• [Work instructions] Below this line are records; transcribe exactly the lines between the one holding "[diagram: CAD part, four" and the one holding "Length unit declared in the file: millimetre", inclusive, and omit the pictures.

====== Records ======

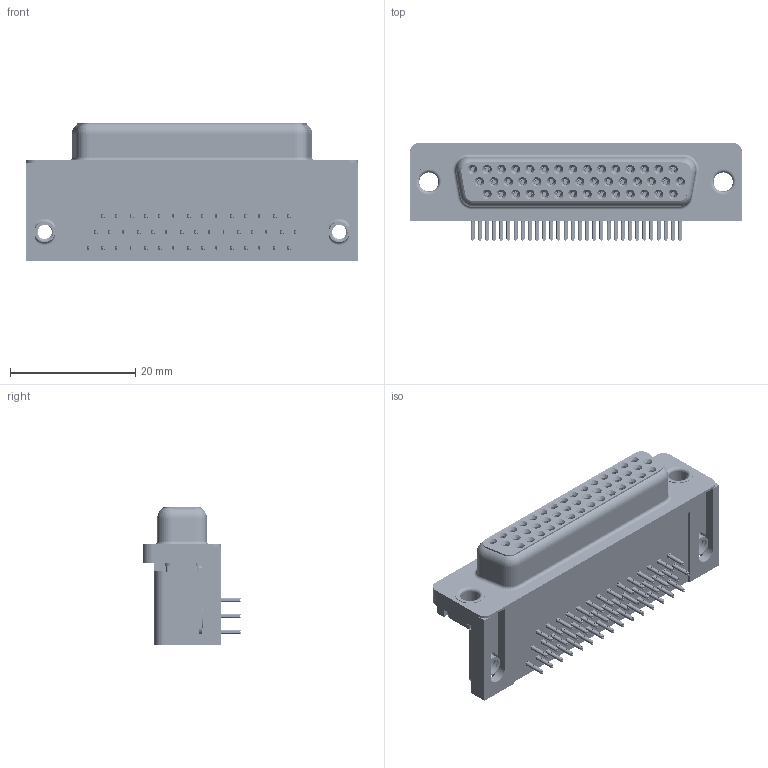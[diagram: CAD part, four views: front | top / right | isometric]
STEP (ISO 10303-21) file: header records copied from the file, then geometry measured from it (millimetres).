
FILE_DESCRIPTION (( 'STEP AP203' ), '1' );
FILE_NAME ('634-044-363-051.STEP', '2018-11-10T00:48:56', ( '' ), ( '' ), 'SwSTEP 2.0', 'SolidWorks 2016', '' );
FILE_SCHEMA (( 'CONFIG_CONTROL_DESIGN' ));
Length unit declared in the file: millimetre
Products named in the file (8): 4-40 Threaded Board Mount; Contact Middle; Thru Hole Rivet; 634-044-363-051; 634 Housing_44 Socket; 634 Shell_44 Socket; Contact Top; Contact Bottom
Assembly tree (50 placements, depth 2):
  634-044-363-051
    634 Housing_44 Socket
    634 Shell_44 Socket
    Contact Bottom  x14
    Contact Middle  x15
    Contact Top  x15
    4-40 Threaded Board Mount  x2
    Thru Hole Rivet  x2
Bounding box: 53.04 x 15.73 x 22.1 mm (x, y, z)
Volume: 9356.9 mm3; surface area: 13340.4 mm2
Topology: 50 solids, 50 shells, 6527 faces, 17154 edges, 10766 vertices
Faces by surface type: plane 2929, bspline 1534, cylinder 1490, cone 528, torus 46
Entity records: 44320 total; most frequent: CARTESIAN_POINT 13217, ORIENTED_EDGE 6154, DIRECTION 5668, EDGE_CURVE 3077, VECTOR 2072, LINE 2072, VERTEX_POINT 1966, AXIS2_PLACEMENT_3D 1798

======
====== Records ======

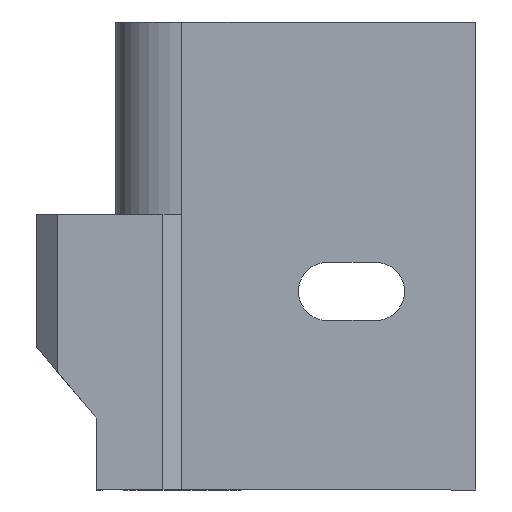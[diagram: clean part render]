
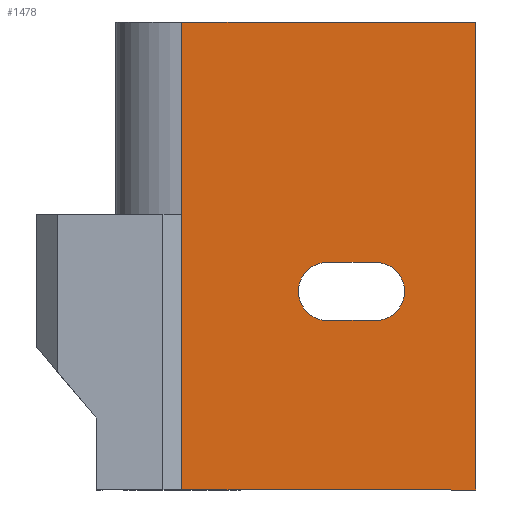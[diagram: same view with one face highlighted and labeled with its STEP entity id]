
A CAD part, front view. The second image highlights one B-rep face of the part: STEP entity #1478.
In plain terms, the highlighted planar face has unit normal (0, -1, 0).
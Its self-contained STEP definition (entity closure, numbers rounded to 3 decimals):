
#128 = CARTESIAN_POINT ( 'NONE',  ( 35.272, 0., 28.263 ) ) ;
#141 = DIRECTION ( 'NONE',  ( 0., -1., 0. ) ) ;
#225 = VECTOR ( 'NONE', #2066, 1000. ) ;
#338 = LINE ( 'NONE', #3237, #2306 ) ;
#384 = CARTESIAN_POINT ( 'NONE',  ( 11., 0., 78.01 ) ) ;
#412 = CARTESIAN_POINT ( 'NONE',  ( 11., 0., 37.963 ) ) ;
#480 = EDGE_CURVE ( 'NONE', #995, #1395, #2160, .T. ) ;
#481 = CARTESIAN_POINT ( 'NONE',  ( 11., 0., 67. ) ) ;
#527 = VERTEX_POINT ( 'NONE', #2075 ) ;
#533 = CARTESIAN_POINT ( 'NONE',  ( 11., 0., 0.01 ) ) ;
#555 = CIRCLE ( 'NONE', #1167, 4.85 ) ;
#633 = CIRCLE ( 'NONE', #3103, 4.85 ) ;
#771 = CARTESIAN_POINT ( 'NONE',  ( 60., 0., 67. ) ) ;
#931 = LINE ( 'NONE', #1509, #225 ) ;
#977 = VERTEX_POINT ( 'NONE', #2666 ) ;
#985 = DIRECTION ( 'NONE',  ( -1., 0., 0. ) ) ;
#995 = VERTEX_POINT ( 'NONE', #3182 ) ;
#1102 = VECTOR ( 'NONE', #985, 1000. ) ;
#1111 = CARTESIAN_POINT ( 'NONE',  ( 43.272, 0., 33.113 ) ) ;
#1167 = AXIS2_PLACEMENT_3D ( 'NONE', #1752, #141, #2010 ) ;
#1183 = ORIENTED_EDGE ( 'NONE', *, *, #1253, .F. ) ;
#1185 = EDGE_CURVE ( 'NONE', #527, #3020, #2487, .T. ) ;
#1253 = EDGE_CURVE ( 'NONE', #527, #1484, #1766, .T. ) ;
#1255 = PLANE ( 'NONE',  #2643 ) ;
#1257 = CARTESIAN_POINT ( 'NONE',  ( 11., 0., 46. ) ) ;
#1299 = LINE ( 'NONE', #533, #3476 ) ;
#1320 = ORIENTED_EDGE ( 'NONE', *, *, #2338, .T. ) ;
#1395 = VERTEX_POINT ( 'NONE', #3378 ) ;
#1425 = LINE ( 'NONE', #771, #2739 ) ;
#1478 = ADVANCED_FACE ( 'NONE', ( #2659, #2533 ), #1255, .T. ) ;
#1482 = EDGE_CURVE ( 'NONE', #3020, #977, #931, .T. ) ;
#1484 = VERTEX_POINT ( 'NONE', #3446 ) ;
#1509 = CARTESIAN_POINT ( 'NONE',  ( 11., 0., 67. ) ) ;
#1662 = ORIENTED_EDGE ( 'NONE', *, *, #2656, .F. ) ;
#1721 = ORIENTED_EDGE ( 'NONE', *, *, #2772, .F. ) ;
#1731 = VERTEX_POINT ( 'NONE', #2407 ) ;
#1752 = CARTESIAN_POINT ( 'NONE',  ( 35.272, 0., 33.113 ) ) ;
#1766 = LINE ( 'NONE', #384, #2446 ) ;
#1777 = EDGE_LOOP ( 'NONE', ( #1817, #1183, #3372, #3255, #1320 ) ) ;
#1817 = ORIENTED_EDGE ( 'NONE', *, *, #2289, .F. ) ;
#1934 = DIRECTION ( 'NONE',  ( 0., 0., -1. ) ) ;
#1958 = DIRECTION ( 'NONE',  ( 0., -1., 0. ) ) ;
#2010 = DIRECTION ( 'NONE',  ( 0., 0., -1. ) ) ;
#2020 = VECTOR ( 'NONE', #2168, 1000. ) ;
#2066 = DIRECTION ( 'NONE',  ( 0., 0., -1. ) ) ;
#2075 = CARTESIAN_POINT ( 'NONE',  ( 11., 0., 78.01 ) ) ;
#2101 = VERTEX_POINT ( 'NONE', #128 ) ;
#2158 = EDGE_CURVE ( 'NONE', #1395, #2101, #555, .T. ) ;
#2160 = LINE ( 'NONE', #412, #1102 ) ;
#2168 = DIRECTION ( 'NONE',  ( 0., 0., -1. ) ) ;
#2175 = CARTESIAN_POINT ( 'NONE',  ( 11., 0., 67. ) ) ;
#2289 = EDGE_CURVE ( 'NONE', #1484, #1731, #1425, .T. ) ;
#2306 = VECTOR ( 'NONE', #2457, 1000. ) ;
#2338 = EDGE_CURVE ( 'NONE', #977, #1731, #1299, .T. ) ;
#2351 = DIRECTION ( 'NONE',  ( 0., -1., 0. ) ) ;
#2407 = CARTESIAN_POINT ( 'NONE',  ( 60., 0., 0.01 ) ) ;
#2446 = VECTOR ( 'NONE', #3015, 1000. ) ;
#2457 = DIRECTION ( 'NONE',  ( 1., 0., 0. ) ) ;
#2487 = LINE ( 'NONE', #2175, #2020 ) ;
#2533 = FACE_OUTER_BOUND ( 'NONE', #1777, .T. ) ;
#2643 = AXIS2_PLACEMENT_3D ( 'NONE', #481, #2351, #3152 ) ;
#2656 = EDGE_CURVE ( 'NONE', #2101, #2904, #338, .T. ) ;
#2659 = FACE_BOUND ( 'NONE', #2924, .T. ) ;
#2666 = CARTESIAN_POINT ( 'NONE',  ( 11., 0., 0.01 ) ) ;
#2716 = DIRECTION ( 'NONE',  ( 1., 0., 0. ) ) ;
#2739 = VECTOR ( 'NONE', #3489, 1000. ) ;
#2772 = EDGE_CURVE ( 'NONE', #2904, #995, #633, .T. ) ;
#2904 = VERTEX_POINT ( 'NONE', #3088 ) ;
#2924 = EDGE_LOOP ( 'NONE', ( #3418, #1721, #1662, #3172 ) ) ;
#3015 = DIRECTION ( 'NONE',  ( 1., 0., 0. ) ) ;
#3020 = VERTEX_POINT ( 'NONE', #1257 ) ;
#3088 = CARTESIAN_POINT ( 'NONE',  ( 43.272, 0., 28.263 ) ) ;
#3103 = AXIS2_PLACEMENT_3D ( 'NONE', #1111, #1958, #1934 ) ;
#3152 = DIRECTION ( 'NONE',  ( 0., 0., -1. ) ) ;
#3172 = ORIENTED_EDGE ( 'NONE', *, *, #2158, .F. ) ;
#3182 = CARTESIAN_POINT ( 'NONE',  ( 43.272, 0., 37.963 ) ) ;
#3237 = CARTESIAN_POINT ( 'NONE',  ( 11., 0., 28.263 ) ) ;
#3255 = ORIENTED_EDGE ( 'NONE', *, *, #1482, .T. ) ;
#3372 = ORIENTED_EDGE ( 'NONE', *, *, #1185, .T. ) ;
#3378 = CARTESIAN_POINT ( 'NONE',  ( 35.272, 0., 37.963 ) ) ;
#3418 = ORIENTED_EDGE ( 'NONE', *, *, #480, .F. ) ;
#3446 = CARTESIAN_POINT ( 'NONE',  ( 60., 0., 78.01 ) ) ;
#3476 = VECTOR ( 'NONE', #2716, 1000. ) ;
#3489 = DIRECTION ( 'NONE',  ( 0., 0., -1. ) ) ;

======

• [Completed exercise]
[diagram: CAD part, four views: front | top / right | isometric]
STEP (ISO 10303-21) file: header records copied from the file, then geometry measured from it (millimetres).
FILE_DESCRIPTION (( 'STEP AP203' ), '1' );
FILE_NAME ('634-044-363-051.STEP', '2018-11-10T00:48:56', ( '' ), ( '' ), 'SwSTEP 2.0', 'SolidWorks 2016', '' );
FILE_SCHEMA (( 'CONFIG_CONTROL_DESIGN' ));
Length unit declared in the file: millimetre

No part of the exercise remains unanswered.